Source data
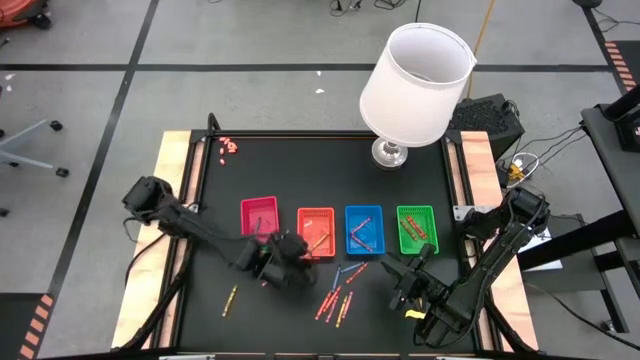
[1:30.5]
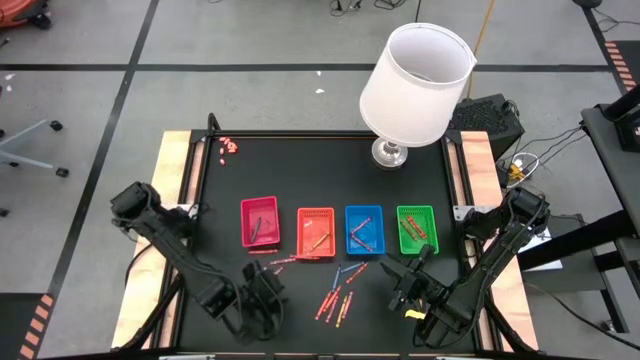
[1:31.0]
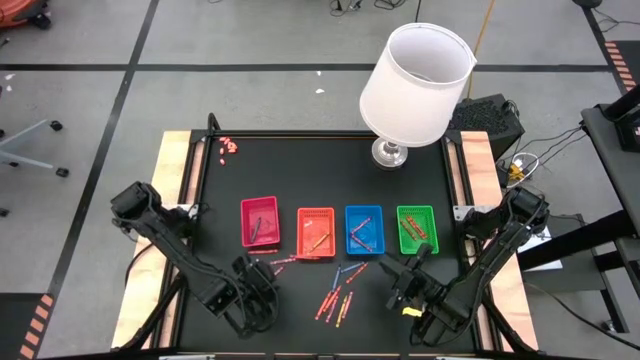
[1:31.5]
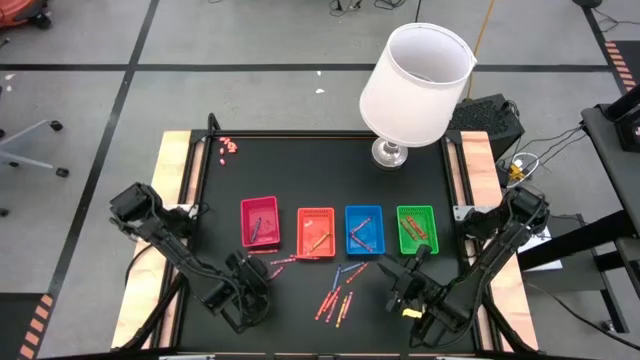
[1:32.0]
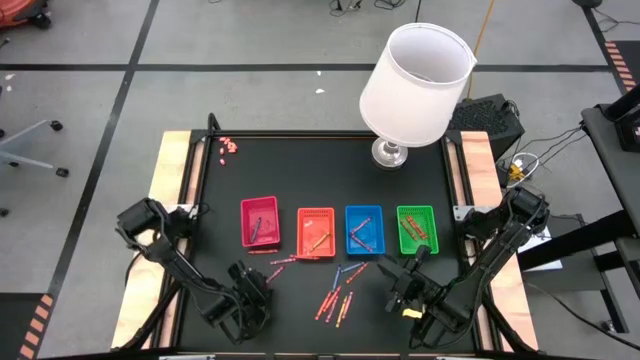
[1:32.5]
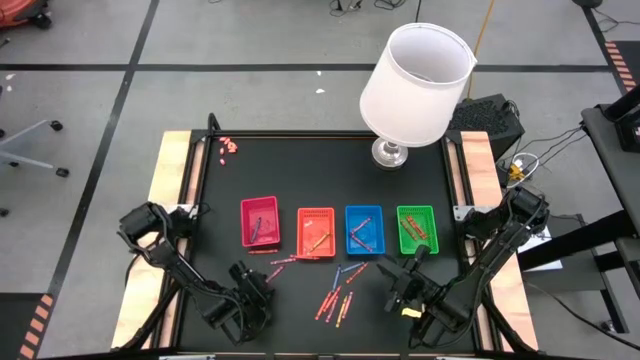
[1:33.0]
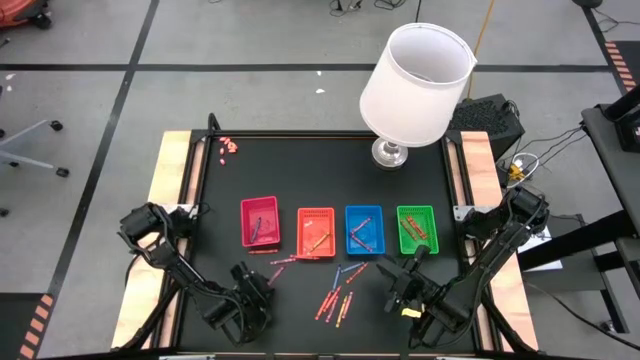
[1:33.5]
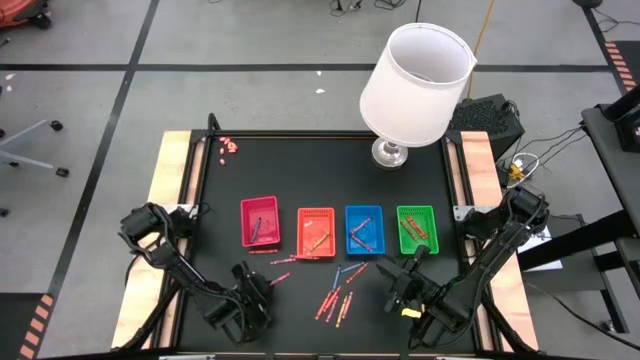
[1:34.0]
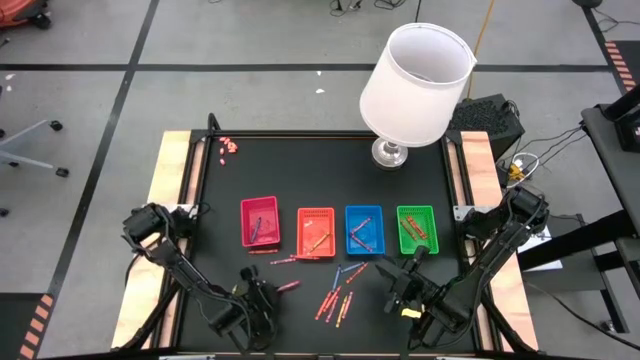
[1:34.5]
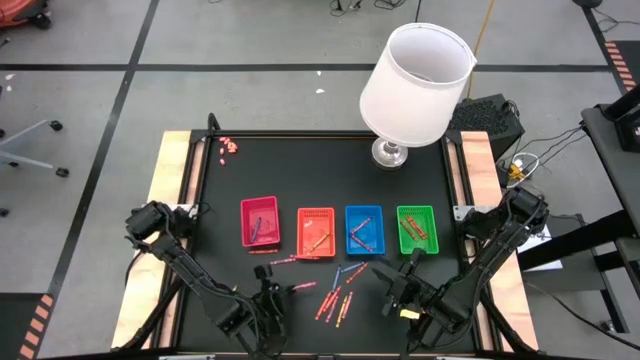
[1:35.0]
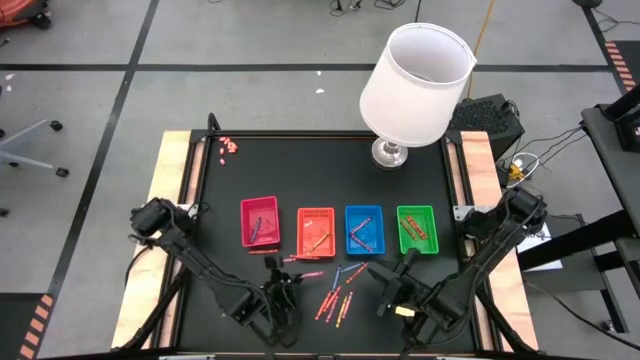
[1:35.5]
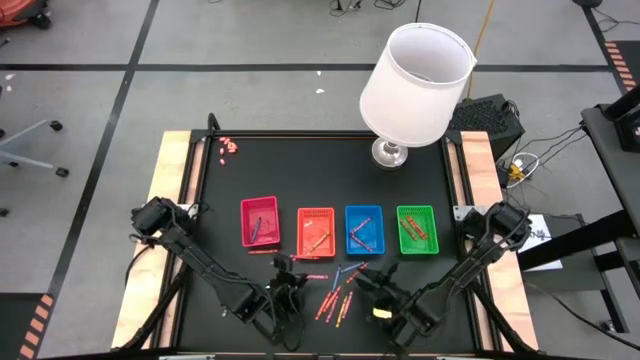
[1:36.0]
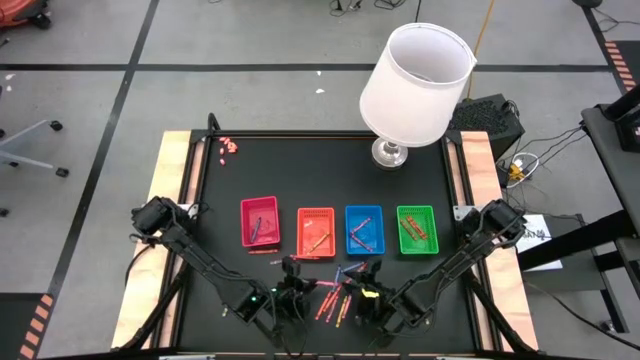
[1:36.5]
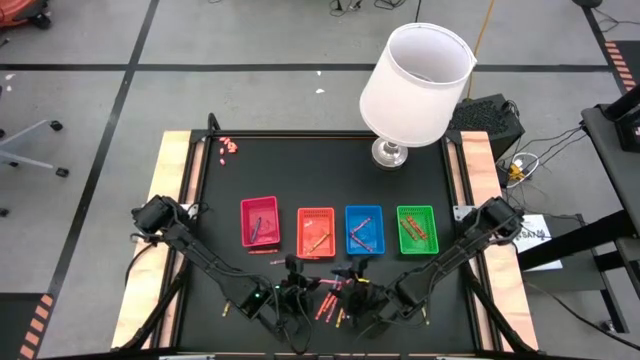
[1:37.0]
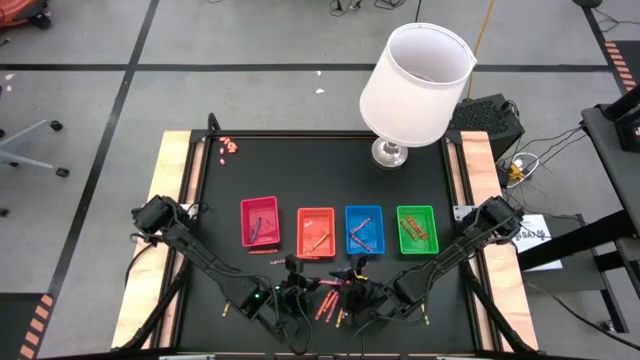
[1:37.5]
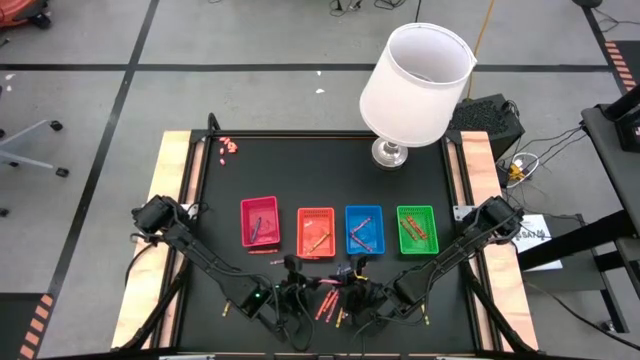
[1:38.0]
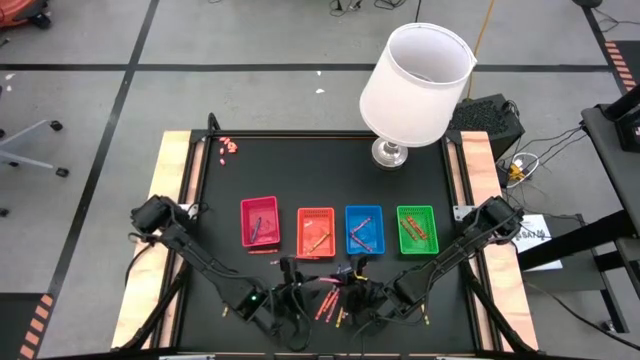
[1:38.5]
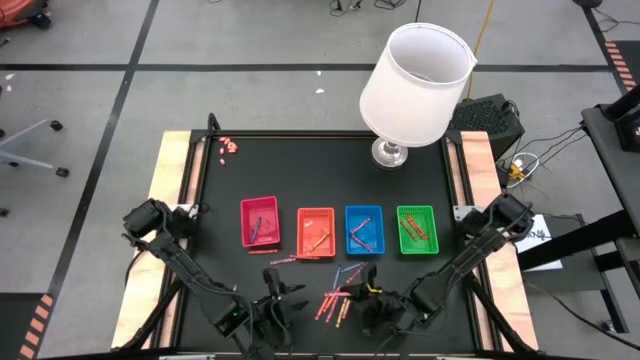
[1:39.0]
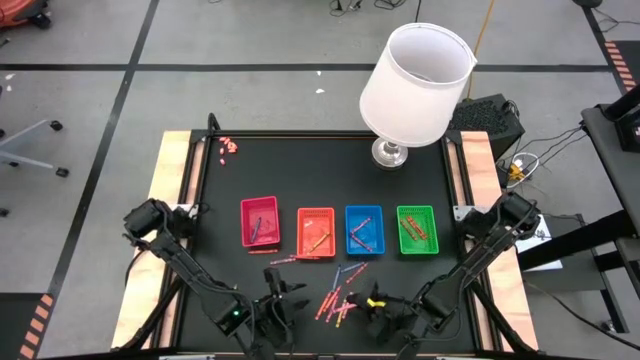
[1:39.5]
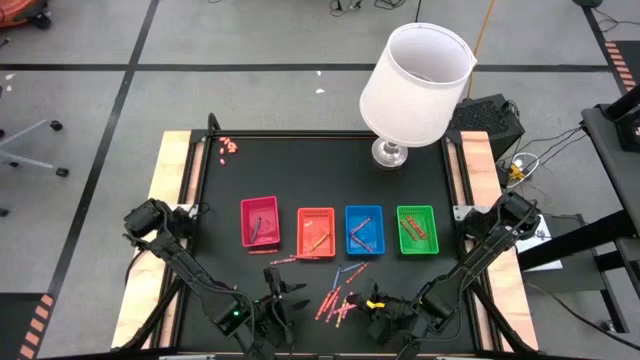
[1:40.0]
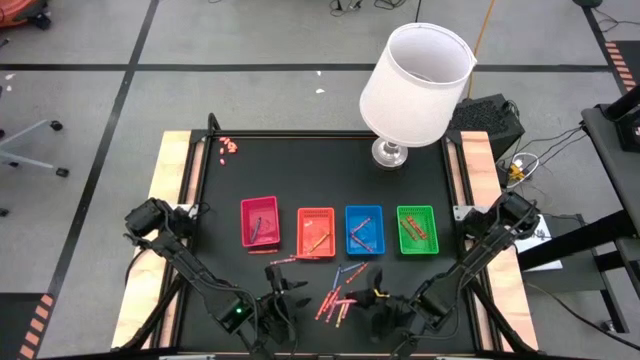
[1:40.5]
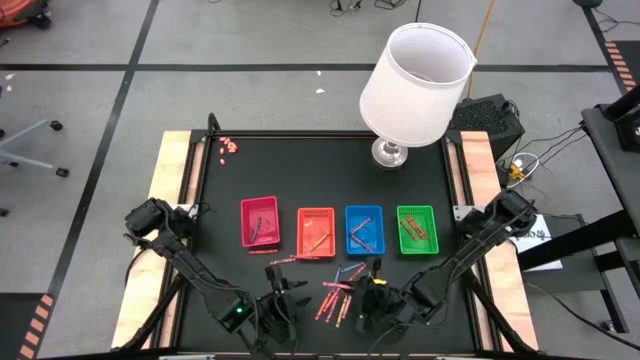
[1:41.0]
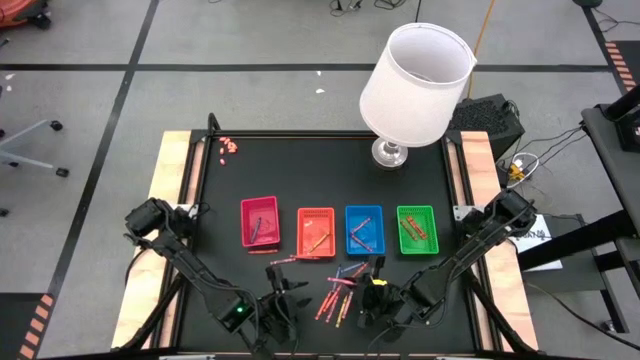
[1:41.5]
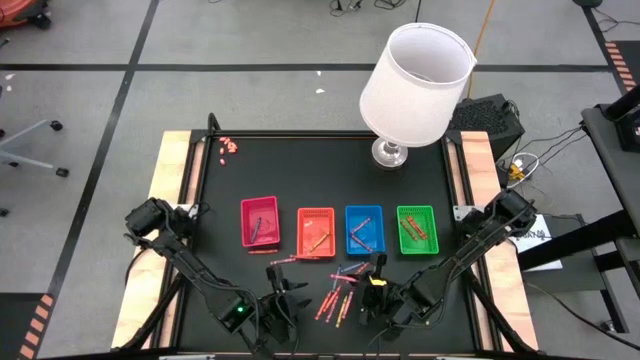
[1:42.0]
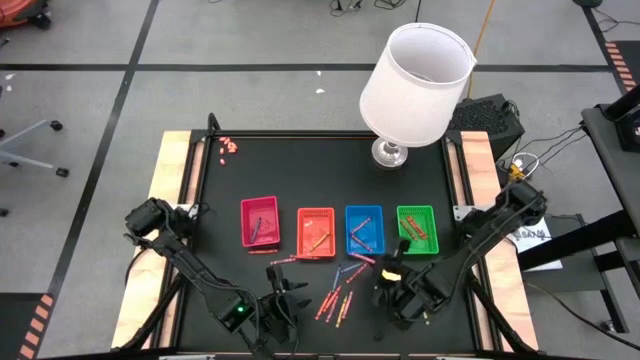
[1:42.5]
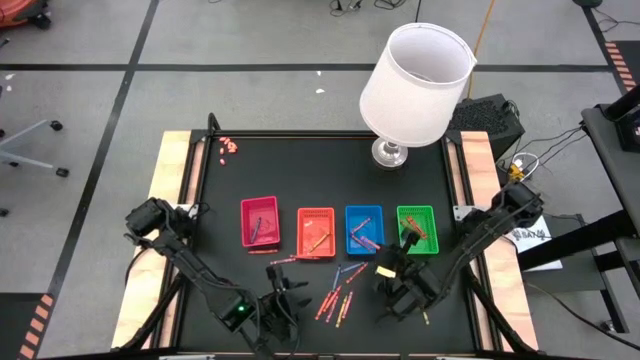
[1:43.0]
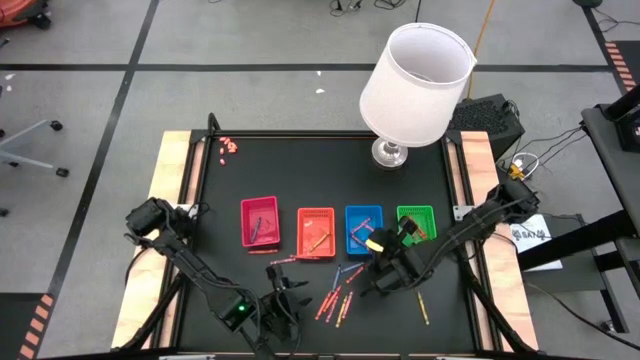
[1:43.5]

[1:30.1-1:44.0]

What to work on | Transcribe every entry exactly. Leave out the pictures.

Expected answer |
[1:30.5]
[1:31.0]
[1:31.5]
[1:32.0]
[1:32.5]
[1:33.0]
[1:33.5]
[1:34.0]
[1:34.5]
[1:35.0]
[1:35.5]
[1:36.0]
[1:36.5]
[1:37.0]
[1:37.5]
[1:38.0]
[1:38.5]
[1:39.0]
[1:39.5]
[1:40.0]
[1:40.5]
[1:41.0]
[1:41.5]
[1:42.0]
[1:42.5]
[1:43.0]
[1:43.5]

[1:30.1-1:44.0]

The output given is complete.